====== Provided material

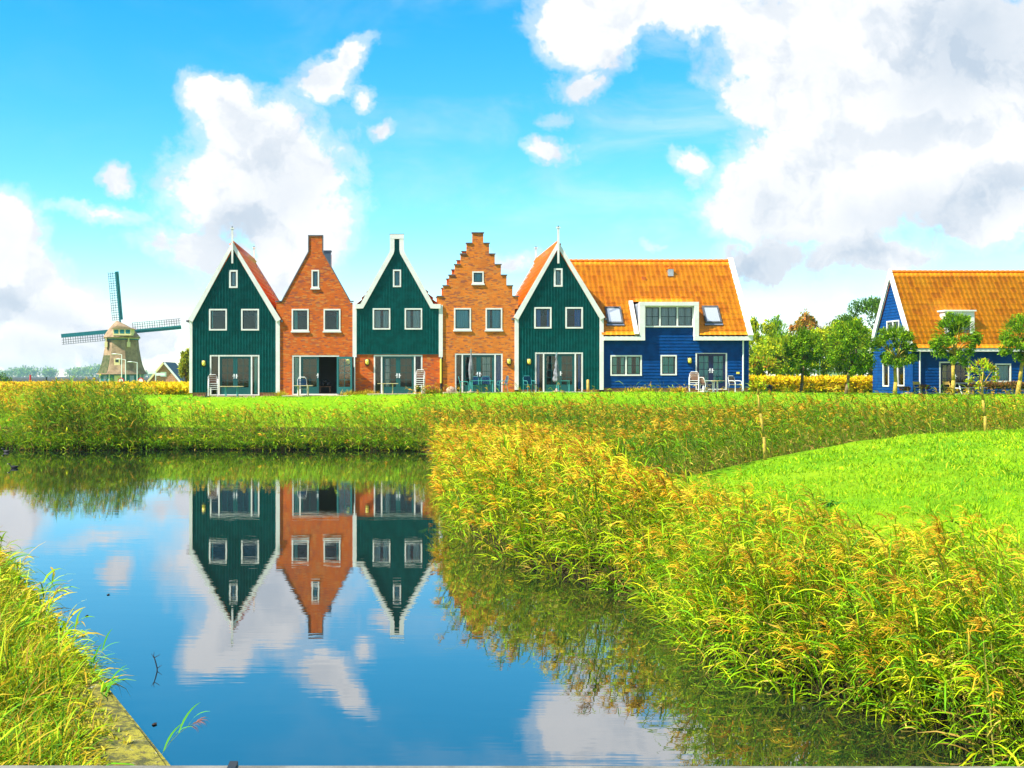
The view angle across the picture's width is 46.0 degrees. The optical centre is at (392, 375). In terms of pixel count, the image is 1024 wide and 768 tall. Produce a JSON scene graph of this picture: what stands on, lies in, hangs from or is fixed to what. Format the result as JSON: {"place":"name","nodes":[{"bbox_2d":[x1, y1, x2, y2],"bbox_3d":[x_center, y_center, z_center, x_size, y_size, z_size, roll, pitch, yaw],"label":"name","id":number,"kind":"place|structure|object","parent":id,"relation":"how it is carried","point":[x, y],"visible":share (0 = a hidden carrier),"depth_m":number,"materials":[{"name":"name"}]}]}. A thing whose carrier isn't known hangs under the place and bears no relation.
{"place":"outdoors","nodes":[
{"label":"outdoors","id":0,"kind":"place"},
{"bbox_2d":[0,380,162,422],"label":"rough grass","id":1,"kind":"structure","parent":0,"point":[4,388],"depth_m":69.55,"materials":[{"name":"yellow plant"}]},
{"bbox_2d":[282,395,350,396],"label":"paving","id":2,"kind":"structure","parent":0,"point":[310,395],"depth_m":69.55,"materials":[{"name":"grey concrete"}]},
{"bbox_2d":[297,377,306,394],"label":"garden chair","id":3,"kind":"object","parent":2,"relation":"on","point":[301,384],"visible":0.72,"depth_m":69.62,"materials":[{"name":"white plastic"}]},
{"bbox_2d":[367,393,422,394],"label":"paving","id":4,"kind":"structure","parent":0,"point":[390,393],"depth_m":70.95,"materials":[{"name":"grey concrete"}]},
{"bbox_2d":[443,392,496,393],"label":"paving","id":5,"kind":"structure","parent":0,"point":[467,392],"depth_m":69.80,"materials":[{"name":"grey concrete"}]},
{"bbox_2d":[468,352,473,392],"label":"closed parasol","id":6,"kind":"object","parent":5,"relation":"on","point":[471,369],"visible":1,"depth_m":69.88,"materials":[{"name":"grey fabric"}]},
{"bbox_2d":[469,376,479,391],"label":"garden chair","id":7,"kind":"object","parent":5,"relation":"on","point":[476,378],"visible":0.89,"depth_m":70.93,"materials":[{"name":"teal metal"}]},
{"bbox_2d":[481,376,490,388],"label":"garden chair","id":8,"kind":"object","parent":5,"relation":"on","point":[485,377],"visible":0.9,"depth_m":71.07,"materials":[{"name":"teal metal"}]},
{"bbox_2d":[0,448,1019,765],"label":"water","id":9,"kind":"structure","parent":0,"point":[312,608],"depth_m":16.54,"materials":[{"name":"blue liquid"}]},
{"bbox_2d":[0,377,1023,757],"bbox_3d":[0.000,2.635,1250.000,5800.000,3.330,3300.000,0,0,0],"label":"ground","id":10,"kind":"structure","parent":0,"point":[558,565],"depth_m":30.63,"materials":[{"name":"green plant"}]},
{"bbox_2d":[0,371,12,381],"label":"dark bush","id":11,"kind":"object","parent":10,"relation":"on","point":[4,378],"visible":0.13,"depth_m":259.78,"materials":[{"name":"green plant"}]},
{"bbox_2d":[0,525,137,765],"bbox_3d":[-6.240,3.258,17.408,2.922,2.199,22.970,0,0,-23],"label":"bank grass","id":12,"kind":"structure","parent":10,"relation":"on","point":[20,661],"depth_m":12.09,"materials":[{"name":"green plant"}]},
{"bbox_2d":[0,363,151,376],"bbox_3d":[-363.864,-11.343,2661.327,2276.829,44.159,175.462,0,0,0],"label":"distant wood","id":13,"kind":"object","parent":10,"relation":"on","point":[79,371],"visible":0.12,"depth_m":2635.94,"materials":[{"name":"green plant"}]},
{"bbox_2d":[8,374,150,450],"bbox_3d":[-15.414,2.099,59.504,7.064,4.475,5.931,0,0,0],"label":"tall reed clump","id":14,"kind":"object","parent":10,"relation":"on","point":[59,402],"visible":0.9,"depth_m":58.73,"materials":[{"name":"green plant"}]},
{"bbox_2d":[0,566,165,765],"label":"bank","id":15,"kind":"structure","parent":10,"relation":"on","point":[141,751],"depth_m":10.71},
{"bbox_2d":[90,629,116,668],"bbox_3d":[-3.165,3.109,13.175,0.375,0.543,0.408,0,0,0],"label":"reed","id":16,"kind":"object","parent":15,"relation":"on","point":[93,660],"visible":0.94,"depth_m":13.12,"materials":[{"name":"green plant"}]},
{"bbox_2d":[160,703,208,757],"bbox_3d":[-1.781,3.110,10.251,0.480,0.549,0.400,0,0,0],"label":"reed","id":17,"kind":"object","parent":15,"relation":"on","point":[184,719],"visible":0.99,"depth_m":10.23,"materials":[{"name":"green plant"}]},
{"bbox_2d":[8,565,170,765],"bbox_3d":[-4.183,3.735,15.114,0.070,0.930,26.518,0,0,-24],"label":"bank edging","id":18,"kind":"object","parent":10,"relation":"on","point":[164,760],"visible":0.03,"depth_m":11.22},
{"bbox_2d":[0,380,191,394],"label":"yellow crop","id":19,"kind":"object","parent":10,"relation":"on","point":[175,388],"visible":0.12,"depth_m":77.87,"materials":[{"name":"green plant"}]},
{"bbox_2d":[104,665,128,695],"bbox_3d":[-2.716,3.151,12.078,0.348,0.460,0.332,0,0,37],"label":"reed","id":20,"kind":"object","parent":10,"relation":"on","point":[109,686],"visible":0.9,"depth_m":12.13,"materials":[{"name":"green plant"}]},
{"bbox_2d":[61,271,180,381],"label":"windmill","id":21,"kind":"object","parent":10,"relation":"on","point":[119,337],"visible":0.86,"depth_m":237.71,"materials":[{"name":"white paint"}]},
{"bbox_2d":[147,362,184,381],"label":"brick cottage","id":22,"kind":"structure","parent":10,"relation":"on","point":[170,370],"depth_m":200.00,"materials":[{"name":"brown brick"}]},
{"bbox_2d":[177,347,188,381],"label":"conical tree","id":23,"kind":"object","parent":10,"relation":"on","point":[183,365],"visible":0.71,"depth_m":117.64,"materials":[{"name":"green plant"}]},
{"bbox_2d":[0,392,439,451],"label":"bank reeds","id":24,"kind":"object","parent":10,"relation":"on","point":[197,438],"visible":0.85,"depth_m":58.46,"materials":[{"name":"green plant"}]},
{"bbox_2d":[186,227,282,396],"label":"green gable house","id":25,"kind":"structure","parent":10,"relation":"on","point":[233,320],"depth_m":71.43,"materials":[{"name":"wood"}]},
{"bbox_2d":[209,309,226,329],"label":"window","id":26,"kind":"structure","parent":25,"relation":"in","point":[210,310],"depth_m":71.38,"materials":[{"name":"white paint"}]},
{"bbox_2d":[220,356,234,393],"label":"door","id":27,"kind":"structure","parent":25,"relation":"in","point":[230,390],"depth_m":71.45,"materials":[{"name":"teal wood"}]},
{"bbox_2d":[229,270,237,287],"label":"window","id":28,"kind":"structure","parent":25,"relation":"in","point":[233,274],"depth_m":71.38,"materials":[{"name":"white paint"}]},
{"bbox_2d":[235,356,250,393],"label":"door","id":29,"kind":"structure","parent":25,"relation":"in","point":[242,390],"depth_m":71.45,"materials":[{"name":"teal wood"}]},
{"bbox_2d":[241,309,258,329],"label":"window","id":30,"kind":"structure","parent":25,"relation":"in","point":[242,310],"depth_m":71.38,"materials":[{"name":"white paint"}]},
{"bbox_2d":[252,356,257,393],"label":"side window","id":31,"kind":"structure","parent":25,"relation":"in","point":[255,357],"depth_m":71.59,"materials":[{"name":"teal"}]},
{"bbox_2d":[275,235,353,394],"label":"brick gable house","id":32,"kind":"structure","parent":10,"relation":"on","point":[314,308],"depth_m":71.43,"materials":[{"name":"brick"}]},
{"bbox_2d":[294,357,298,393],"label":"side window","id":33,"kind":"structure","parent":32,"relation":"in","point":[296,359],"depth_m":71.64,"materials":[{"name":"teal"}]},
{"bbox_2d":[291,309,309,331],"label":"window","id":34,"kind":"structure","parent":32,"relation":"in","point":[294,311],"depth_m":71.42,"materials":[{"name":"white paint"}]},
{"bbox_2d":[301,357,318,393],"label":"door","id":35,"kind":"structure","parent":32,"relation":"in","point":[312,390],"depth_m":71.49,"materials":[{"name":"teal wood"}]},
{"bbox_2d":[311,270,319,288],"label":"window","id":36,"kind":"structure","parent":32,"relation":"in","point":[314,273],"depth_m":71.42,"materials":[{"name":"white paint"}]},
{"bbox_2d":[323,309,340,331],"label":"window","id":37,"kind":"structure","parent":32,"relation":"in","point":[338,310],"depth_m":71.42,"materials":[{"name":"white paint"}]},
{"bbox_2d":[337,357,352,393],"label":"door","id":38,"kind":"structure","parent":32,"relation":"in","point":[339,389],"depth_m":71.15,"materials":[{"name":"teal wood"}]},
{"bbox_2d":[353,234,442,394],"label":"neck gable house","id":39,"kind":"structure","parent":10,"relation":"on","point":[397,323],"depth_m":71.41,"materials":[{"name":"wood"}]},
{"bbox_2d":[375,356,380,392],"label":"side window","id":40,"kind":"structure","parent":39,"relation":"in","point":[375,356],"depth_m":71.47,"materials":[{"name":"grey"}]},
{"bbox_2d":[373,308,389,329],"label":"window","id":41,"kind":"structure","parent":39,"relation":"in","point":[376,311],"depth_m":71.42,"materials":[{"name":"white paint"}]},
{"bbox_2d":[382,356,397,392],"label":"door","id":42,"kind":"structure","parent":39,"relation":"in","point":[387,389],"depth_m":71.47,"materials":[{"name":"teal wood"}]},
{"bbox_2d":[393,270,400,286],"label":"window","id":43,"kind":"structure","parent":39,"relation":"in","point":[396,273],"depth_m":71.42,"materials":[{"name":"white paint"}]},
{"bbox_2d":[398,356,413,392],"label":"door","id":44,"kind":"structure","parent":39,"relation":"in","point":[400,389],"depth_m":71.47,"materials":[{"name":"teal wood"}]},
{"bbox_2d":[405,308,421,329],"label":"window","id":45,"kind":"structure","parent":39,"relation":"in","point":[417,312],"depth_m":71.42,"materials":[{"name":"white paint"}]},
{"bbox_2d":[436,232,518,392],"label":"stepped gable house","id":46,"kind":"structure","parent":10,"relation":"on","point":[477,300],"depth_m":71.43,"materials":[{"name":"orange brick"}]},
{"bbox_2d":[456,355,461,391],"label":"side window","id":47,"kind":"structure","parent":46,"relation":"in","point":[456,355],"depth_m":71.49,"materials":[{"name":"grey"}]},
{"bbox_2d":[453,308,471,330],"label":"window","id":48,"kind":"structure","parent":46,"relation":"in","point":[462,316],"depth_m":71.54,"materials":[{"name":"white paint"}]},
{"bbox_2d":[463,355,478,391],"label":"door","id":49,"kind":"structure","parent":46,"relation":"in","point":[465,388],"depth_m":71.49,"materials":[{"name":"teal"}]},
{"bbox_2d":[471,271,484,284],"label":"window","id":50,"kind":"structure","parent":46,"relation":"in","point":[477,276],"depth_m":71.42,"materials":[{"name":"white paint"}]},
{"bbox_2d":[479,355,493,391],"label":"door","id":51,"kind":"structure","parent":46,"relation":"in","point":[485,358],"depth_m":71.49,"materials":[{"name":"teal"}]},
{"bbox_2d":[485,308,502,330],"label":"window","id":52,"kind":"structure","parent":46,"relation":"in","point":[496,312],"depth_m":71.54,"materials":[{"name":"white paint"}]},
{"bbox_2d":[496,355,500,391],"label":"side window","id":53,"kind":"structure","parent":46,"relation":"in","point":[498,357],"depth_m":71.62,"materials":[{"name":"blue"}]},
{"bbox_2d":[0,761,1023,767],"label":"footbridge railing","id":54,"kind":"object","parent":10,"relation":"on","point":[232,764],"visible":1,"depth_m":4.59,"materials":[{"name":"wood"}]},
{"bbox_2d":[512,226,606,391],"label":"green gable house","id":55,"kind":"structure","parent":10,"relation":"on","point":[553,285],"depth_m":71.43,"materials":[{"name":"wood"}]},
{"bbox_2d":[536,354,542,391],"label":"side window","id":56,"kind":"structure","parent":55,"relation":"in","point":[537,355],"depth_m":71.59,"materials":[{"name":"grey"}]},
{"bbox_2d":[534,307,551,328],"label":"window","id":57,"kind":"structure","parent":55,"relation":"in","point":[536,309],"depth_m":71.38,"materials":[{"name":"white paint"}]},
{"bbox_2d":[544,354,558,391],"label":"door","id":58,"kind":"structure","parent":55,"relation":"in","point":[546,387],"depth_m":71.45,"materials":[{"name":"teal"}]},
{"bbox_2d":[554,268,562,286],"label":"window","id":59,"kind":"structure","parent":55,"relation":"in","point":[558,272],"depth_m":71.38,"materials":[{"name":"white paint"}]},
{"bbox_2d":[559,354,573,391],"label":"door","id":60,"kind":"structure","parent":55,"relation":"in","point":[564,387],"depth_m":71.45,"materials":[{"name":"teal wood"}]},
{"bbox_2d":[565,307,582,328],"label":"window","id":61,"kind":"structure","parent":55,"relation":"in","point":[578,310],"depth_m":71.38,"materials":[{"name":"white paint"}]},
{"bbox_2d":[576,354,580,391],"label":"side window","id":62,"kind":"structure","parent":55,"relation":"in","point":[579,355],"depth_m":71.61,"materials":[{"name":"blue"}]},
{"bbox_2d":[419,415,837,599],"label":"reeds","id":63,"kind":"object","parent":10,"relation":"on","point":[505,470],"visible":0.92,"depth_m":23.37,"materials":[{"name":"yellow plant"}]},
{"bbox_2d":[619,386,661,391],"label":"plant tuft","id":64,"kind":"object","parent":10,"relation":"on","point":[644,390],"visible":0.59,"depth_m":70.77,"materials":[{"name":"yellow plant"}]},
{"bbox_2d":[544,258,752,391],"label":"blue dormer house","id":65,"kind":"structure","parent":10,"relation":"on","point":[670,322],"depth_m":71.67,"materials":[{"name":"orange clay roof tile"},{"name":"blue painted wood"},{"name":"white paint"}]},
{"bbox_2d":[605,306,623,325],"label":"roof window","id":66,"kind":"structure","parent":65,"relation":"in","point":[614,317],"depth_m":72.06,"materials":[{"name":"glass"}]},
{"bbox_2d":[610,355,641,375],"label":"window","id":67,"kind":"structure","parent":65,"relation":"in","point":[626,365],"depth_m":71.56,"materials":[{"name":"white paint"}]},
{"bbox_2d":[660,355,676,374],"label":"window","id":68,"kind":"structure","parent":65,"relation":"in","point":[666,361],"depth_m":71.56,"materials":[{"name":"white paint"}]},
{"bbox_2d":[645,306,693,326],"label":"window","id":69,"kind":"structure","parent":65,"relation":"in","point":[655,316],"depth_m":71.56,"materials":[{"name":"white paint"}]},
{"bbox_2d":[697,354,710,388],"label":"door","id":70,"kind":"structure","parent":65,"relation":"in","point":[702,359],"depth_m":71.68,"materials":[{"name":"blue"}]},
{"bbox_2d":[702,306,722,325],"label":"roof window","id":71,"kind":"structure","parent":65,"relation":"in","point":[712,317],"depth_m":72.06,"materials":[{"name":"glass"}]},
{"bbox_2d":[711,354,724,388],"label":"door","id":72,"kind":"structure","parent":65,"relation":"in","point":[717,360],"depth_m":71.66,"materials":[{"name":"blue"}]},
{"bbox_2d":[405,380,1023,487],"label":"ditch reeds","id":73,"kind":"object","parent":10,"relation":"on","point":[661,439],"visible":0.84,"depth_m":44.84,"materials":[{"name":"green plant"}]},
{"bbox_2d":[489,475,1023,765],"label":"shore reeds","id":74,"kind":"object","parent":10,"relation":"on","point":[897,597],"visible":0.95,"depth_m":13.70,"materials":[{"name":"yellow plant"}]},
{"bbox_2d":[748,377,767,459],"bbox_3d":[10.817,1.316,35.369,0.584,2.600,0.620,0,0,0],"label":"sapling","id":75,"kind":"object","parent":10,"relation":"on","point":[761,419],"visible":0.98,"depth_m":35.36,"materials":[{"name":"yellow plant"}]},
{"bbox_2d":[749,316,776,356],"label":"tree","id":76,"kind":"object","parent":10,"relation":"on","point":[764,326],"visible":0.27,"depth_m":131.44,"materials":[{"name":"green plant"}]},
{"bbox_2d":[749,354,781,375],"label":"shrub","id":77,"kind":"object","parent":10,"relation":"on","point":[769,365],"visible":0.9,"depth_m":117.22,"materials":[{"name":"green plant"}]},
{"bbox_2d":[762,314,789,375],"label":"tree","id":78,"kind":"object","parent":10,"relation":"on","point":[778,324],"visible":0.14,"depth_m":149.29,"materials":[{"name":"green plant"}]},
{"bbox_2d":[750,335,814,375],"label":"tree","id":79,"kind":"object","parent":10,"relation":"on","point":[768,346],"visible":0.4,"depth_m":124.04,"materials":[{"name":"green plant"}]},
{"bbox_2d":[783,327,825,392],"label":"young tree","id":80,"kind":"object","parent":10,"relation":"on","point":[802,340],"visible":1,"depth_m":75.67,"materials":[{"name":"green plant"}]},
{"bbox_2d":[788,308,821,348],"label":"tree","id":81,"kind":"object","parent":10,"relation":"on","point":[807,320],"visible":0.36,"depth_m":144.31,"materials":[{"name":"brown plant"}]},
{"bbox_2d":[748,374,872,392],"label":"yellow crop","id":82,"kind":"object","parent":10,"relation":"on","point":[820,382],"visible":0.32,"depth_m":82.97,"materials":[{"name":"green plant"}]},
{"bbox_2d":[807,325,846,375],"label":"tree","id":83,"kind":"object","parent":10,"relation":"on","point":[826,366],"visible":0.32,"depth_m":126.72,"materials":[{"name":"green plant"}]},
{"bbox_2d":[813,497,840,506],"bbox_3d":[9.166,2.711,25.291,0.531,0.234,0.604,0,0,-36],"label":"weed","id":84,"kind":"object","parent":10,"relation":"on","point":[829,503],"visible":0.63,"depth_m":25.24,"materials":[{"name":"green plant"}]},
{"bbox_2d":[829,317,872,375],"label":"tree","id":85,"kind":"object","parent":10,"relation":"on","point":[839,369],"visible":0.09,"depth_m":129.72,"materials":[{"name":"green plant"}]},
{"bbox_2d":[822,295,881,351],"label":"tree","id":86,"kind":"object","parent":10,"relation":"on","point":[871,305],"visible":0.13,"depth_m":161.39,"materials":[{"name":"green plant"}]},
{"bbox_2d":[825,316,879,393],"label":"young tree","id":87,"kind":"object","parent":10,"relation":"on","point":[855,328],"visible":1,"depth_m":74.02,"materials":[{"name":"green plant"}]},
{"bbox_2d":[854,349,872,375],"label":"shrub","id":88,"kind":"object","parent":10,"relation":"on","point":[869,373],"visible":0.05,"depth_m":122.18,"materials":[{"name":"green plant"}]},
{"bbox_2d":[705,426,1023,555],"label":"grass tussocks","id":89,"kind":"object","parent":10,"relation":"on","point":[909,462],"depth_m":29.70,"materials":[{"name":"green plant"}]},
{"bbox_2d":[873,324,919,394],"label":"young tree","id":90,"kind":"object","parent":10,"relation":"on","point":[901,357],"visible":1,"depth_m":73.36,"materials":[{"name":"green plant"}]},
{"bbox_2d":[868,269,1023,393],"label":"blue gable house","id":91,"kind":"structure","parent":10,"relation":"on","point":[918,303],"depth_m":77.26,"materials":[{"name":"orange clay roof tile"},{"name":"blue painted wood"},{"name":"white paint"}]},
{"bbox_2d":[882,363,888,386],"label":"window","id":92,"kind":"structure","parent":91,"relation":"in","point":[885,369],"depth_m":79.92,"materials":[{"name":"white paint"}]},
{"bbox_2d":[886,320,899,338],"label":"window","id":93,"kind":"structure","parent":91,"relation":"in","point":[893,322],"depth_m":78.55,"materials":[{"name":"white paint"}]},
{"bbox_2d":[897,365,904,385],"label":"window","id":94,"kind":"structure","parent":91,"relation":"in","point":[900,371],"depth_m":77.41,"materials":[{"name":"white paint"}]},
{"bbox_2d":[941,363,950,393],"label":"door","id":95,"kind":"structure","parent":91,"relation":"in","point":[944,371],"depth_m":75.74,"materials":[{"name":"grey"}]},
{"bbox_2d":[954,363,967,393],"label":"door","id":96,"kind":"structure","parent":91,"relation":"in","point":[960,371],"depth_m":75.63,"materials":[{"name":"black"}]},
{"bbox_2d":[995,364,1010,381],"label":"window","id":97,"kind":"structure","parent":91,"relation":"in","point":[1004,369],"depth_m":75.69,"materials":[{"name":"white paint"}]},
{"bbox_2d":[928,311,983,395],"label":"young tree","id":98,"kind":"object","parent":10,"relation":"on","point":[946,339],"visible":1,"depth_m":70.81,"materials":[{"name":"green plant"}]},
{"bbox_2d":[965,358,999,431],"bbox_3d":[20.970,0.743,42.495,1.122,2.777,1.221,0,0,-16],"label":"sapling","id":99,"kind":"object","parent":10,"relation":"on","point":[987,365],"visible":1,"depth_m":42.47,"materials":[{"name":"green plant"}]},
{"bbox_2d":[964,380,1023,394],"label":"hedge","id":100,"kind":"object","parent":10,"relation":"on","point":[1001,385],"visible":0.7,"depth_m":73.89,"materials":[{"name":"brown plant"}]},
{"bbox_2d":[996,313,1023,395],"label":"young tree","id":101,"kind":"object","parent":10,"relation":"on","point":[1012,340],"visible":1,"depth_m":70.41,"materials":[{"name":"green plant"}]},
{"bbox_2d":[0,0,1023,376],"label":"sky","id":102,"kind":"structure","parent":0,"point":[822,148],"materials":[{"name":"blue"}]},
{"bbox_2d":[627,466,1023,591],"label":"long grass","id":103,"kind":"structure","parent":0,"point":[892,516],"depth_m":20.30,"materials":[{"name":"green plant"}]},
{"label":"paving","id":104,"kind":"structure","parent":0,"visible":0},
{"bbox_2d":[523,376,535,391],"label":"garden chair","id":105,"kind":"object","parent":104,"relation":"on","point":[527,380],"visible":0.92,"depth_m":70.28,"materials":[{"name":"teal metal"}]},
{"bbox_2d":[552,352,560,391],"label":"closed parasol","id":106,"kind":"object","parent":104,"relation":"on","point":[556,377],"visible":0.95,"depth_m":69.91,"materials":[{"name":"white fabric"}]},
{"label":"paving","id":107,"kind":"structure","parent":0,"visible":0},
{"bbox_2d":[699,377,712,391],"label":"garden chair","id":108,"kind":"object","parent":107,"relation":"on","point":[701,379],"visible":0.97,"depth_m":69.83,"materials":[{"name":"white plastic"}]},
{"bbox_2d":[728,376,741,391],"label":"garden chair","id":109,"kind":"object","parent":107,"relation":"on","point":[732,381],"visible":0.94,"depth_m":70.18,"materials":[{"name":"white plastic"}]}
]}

============

Problem description: Each line carrying the string "sapling" should be copied out from the entries.

Exercise output:
{"bbox_2d":[748,377,767,459],"bbox_3d":[10.817,1.316,35.369,0.584,2.600,0.620,0,0,0],"label":"sapling","id":75,"kind":"object","parent":10,"relation":"on","point":[761,419],"visible":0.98,"depth_m":35.36,"materials":[{"name":"yellow plant"}]},
{"bbox_2d":[965,358,999,431],"bbox_3d":[20.970,0.743,42.495,1.122,2.777,1.221,0,0,-16],"label":"sapling","id":99,"kind":"object","parent":10,"relation":"on","point":[987,365],"visible":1,"depth_m":42.47,"materials":[{"name":"green plant"}]},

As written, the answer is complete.